● Extracted material:
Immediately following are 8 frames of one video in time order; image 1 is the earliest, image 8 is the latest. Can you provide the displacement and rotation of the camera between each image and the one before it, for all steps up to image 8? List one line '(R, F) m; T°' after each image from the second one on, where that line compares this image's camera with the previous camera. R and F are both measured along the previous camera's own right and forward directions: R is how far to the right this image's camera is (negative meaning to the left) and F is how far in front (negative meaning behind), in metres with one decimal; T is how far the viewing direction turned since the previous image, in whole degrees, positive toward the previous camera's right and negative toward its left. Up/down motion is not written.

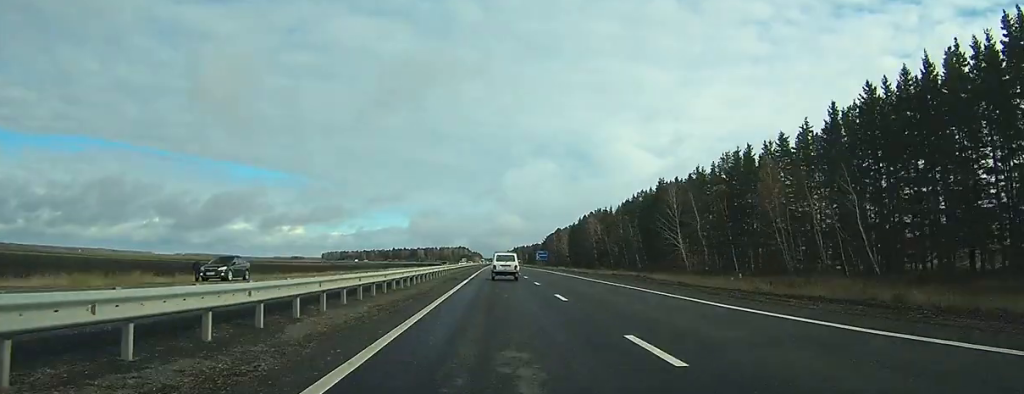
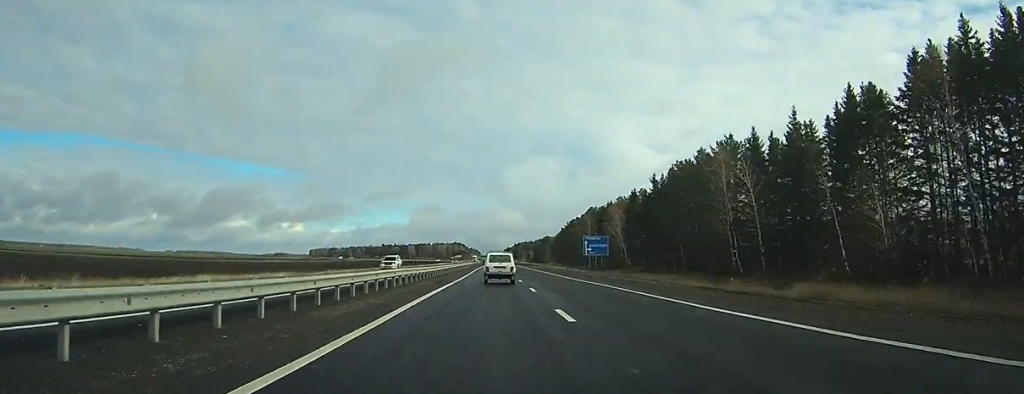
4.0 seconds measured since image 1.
(-0.3, +100.2) m; 0°
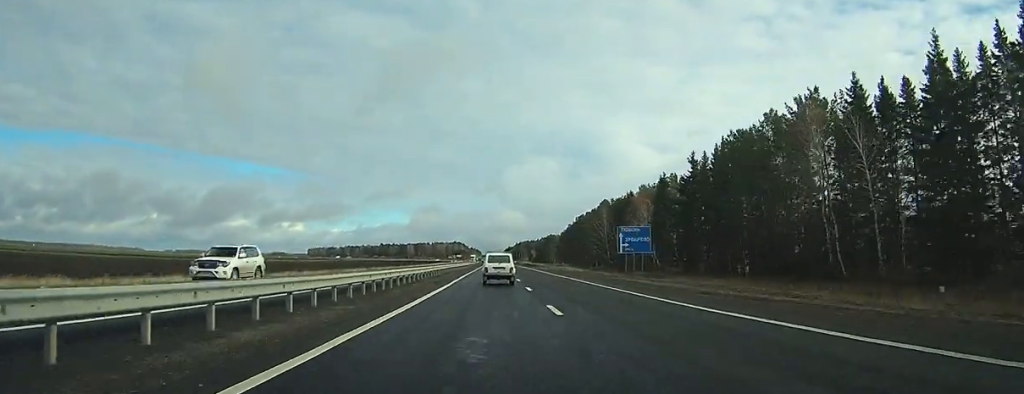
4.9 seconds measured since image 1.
(0.0, +22.8) m; 0°
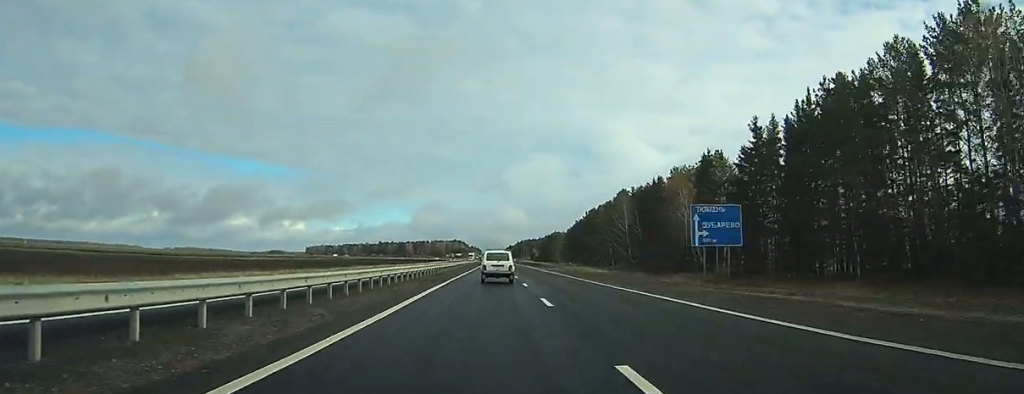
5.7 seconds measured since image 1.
(0.0, +22.7) m; 0°
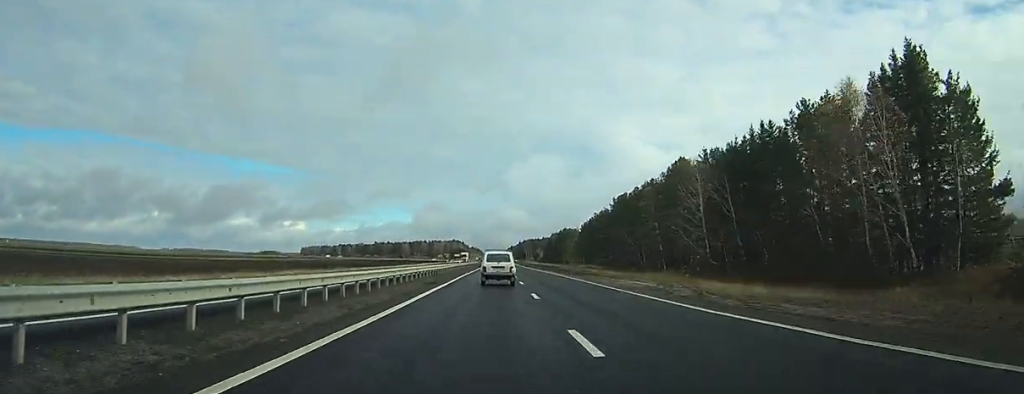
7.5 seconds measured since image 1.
(0.0, +44.7) m; 0°
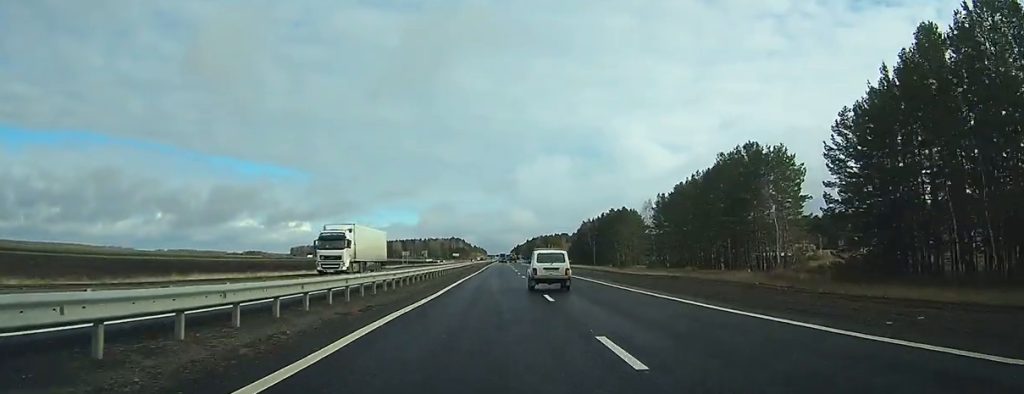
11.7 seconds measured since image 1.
(-0.8, +105.6) m; 0°
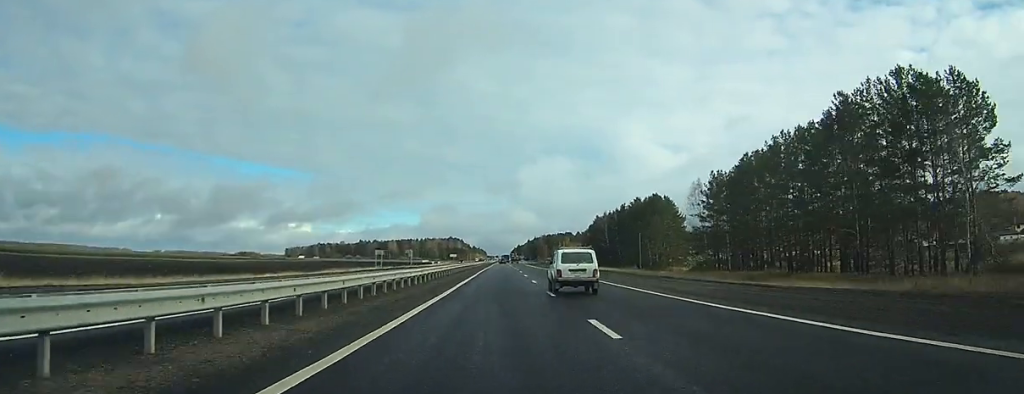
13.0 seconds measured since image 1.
(0.0, +31.9) m; 0°
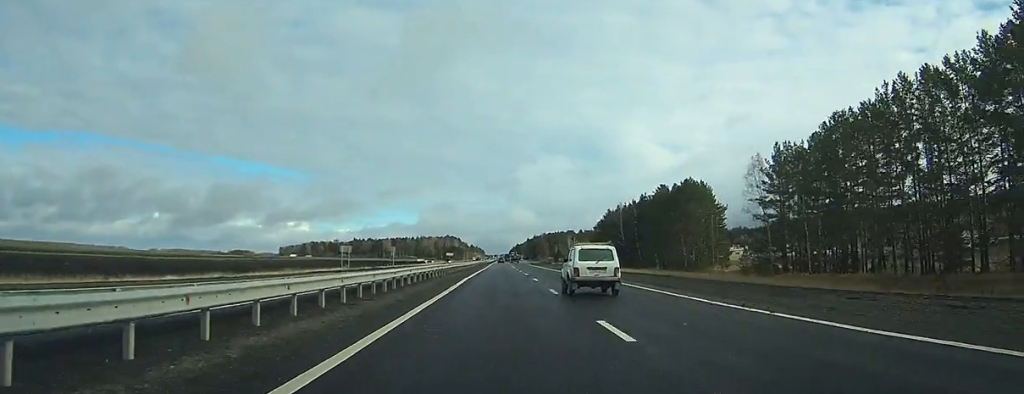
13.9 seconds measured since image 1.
(+0.1, +25.2) m; 0°
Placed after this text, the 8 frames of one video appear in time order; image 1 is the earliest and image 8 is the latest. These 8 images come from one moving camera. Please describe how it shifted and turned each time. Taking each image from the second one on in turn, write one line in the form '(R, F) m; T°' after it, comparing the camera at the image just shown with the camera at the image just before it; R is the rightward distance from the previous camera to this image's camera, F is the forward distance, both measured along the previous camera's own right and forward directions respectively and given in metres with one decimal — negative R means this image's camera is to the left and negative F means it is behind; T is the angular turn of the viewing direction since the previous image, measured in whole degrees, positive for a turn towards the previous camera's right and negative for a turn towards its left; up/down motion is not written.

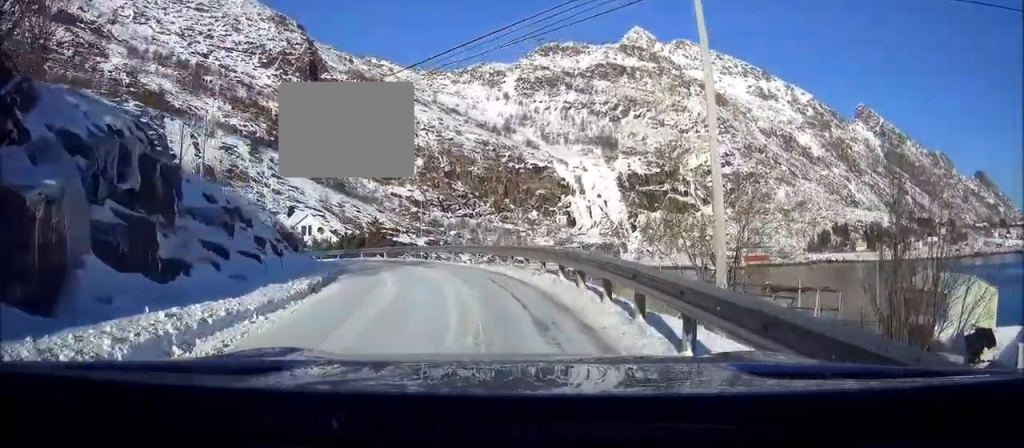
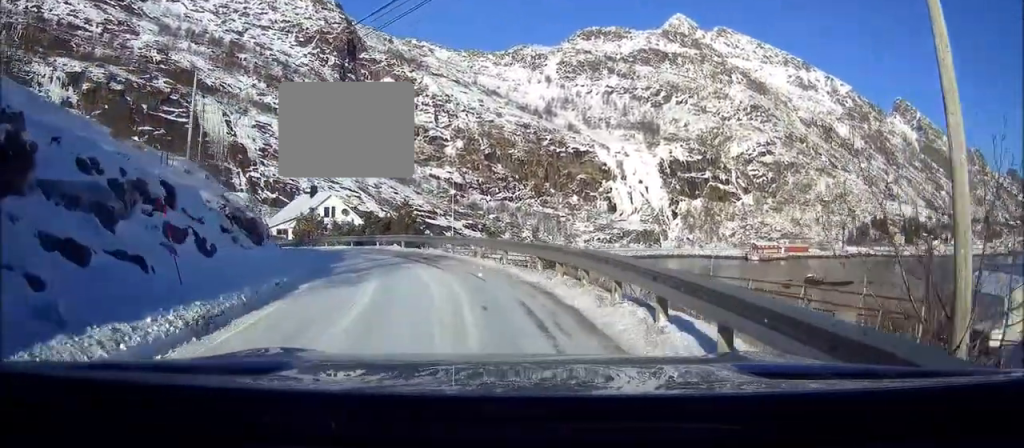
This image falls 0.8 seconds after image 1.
(0.0, +7.4) m; -5°
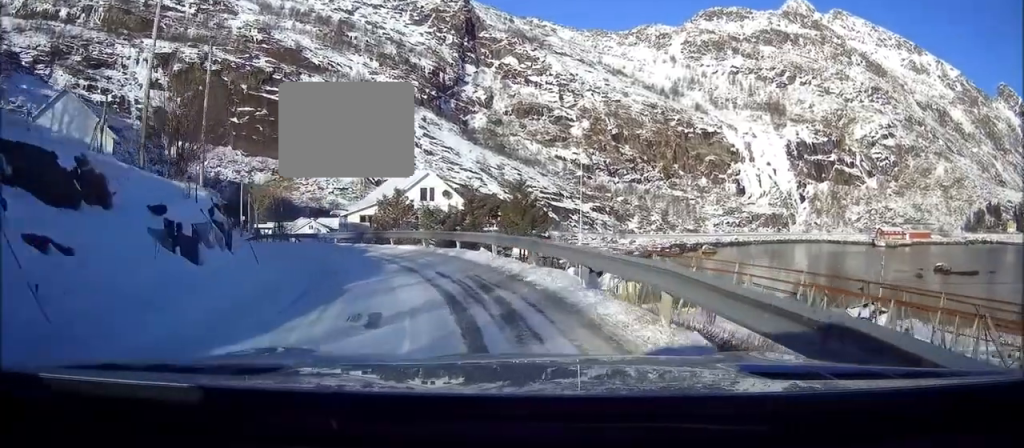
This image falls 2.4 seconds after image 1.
(-1.5, +16.5) m; -8°
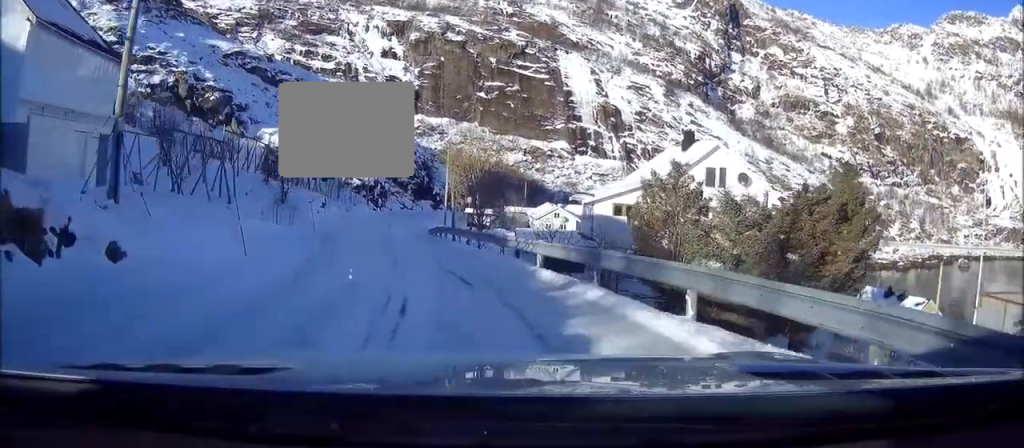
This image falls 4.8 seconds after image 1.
(-3.3, +22.7) m; -21°
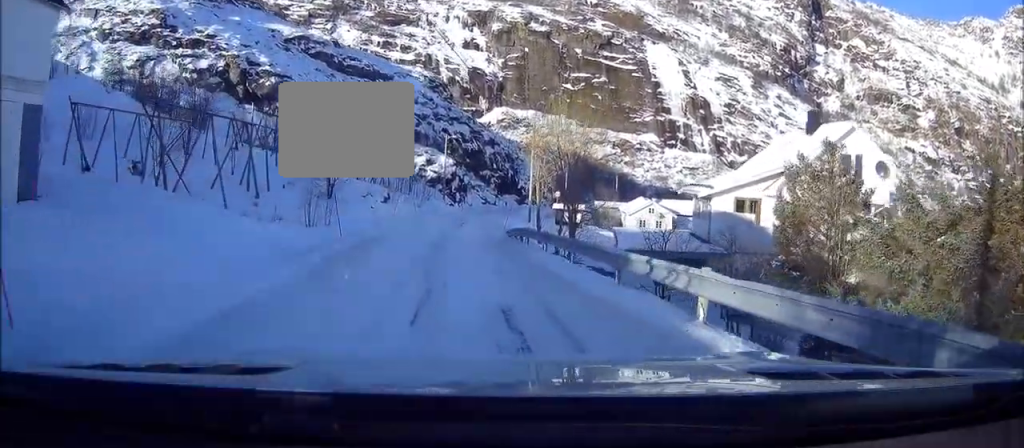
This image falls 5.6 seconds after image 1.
(-0.7, +7.9) m; -7°
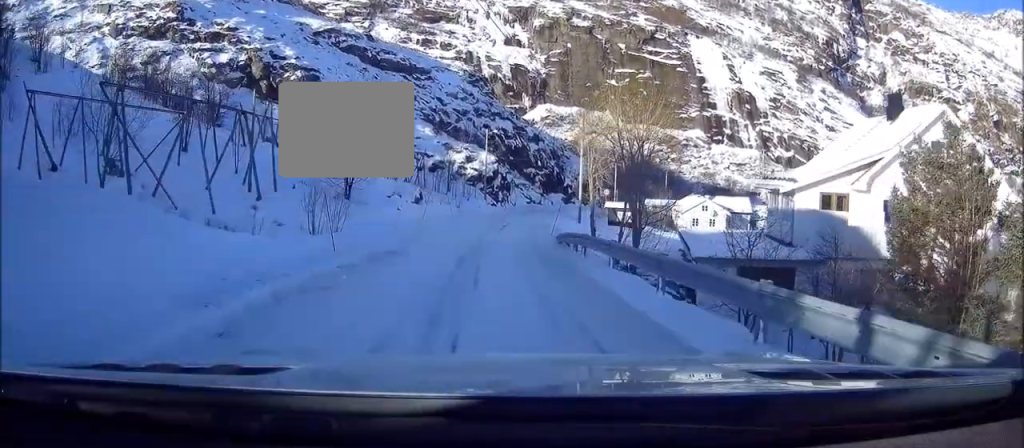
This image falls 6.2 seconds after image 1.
(-0.2, +5.1) m; -3°
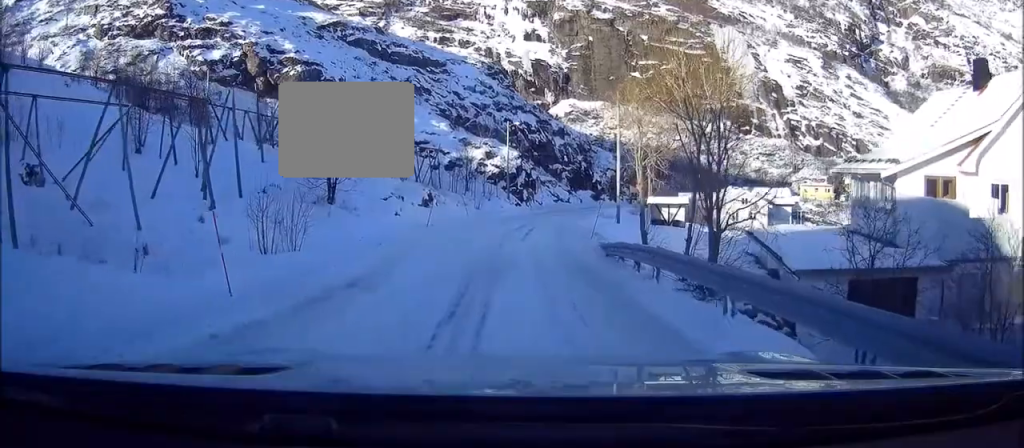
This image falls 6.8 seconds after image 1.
(-0.1, +6.4) m; -3°
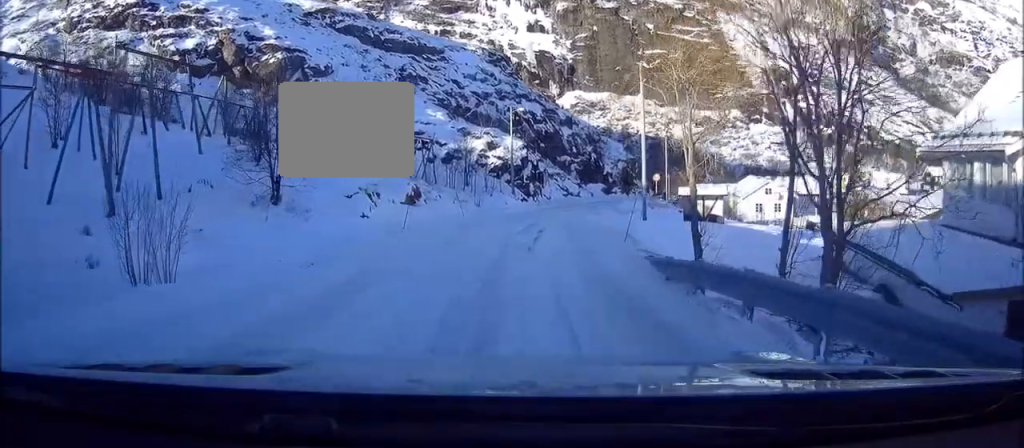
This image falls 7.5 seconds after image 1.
(-0.2, +6.2) m; -1°
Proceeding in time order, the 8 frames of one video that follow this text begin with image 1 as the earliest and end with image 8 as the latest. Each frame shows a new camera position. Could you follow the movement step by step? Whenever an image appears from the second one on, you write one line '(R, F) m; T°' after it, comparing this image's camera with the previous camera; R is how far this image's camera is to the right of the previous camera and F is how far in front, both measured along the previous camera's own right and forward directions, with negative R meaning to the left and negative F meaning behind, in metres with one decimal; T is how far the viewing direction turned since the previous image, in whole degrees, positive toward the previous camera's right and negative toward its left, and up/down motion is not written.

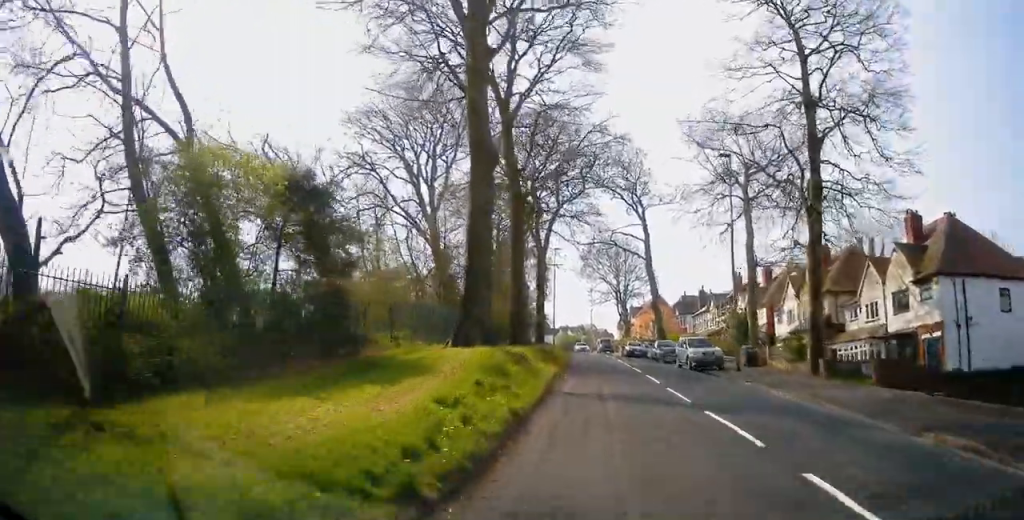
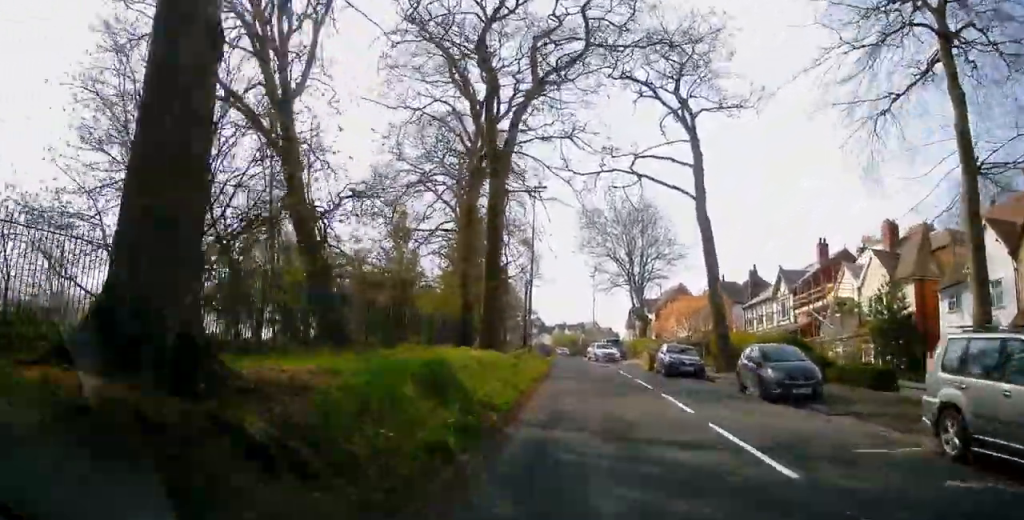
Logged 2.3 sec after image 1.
(+0.2, +36.2) m; 0°
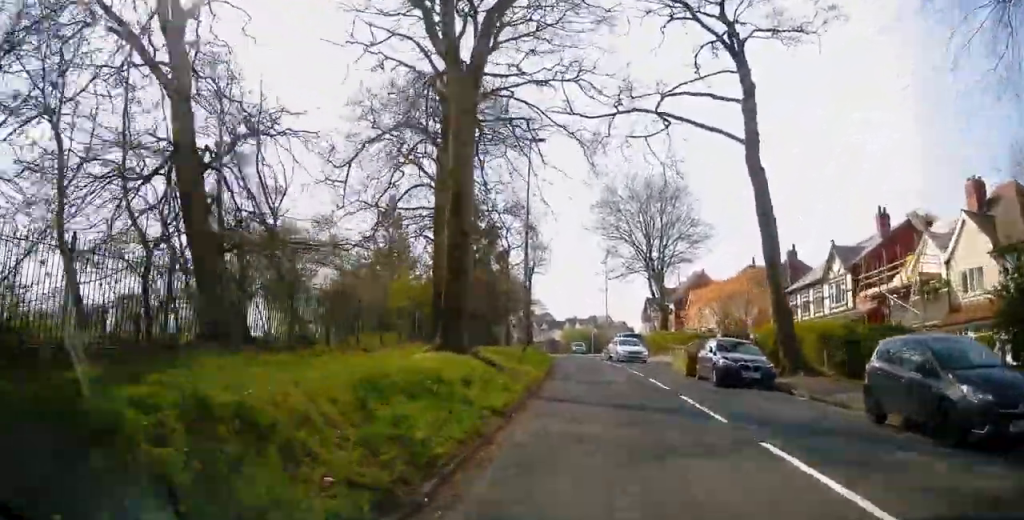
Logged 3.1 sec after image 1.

● Work required: Transcribe the entries above word for word, but leave every picture out of your copy.

● Task result:
Immediately following are 8 frames of one video in time order; image 1 is the earliest, image 8 is the latest. Can you provide the displacement and rotation of the camera between each image and the one before it, for all steps up to image 8? List one line '(R, F) m; T°' after each image from the second one on, where that line compares this image's camera with the previous camera. R and F are both measured along the previous camera's own right and forward directions: R is how far to the right this image's camera is (negative meaning to the left) and F is how far in front (negative meaning behind), in metres with one decimal; T is how far the viewing direction turned since the previous image, in whole degrees, positive toward the previous camera's right and negative toward its left. Up/down motion is not written.

4.0 seconds measured since image 1.
(-0.3, +100.2) m; 0°
4.9 seconds measured since image 1.
(0.0, +22.8) m; 0°
5.7 seconds measured since image 1.
(0.0, +22.7) m; 0°
7.5 seconds measured since image 1.
(0.0, +44.7) m; 0°
11.7 seconds measured since image 1.
(-0.8, +105.6) m; 0°
13.0 seconds measured since image 1.
(0.0, +31.9) m; 0°
13.9 seconds measured since image 1.
(+0.1, +25.2) m; 0°
Placed after this text, the 8 frames of one video appear in time order; image 1 is the earliest and image 8 is the latest. These 8 images come from one moving camera. Please describe how it shifted and turned each time. Taking each image from the second one on in turn, write one line in the form '(R, F) m; T°' after it, comparing the camera at the image just shown with the camera at the image just before it; R is the rightward distance from the previous camera to this image's camera, F is the forward distance, both measured along the previous camera's own right and forward directions respectively and given in metres with one decimal — negative R means this image's camera is to the left and negative F means it is behind; T is the angular turn of the viewing direction since the previous image, measured in whole degrees, positive for a turn towards the previous camera's right and negative for a turn towards its left; up/down motion is not written.

This image falls 0.8 seconds after image 1.
(0.0, +7.4) m; -5°
This image falls 2.4 seconds after image 1.
(-1.5, +16.5) m; -8°
This image falls 4.8 seconds after image 1.
(-3.3, +22.7) m; -21°
This image falls 5.6 seconds after image 1.
(-0.7, +7.9) m; -7°
This image falls 6.2 seconds after image 1.
(-0.2, +5.1) m; -3°
This image falls 6.8 seconds after image 1.
(-0.1, +6.4) m; -3°
This image falls 7.5 seconds after image 1.
(-0.2, +6.2) m; -1°
Proceeding in time order, the 8 frames of one video that follow this text begin with image 1 as the earliest and end with image 8 as the latest. Each frame shows a new camera position. Could you follow the movement step by step? Whenever an image appears from the second one on, you write one line '(R, F) m; T°' after it, comparing this image's camera with the previous camera; R is how far this image's camera is to the right of the previous camera and F is how far in front, both measured along the previous camera's own right and forward directions, with negative R meaning to the left and negative F meaning behind, in metres with one decimal; T is how far the viewing direction turned since the previous image, in whole degrees, positive toward the previous camera's right and negative toward its left, and up/down motion is not written.

Logged 2.3 sec after image 1.
(+0.2, +36.2) m; 0°
Logged 3.1 sec after image 1.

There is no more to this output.